1. Draw a Free Body Diagram:
- The gravitational force acting on the package is straight down (vertical).
- The tension force in the string is along the string, making an angle of 30 degrees with the vertical.
- There is also the centripetal force acting towards the center of curvature of the curve.
2. Analyze the forces:
- The gravitational force (mg) can be resolved into two components: mg*sin(30) acting along the string and mg*cos(30) acting vertically downward.
- The tension force can be resolved into two components: T*sin(30) acting vertically upward and T*cos(30) acting towards the center of curvature.
3. Equate the forces:
- Equate the vertical components of the forces: T*sin(30) = mg*cos(30).

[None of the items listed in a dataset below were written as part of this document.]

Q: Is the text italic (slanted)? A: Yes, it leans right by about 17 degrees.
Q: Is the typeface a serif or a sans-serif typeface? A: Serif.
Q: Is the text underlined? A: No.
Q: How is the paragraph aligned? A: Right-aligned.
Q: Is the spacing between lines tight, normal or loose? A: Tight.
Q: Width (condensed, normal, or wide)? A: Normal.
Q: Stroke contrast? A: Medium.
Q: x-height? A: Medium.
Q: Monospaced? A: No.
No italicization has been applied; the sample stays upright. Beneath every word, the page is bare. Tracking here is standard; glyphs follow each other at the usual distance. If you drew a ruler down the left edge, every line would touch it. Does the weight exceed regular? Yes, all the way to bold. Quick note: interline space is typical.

- Equate the horizontal components of the forces: T*cos(30) = (mv^2) / r, where v is the speed of the bus and r is the radius of curvature.
4. Solve the equations:
- From the vertical component equation, we get T = (mg*cos(30)) / sin(30) = mg.
- Substituting T in the horizontal component equation, we get mg*cos(30) = (mv^2) / r.
- Simplifying, v^2 = (g * r * cos(30)) / sin(30).
- Since g is the acceleration due to gravity (approximately 9.8 m/s^2) and r is given as 50 m, we can substitute these values into the equation.
- v^2 = (9.8 * 50 * cos(30)) / sin(30).
5. Calculate the speed:
- Substituting the values and simplifying, we get v^2 = 245.
- Taking the square root of both sides, we find that v ≈ 15.65 m/s.
Therefore, the speed of the bus is approximately 15.65 m/s.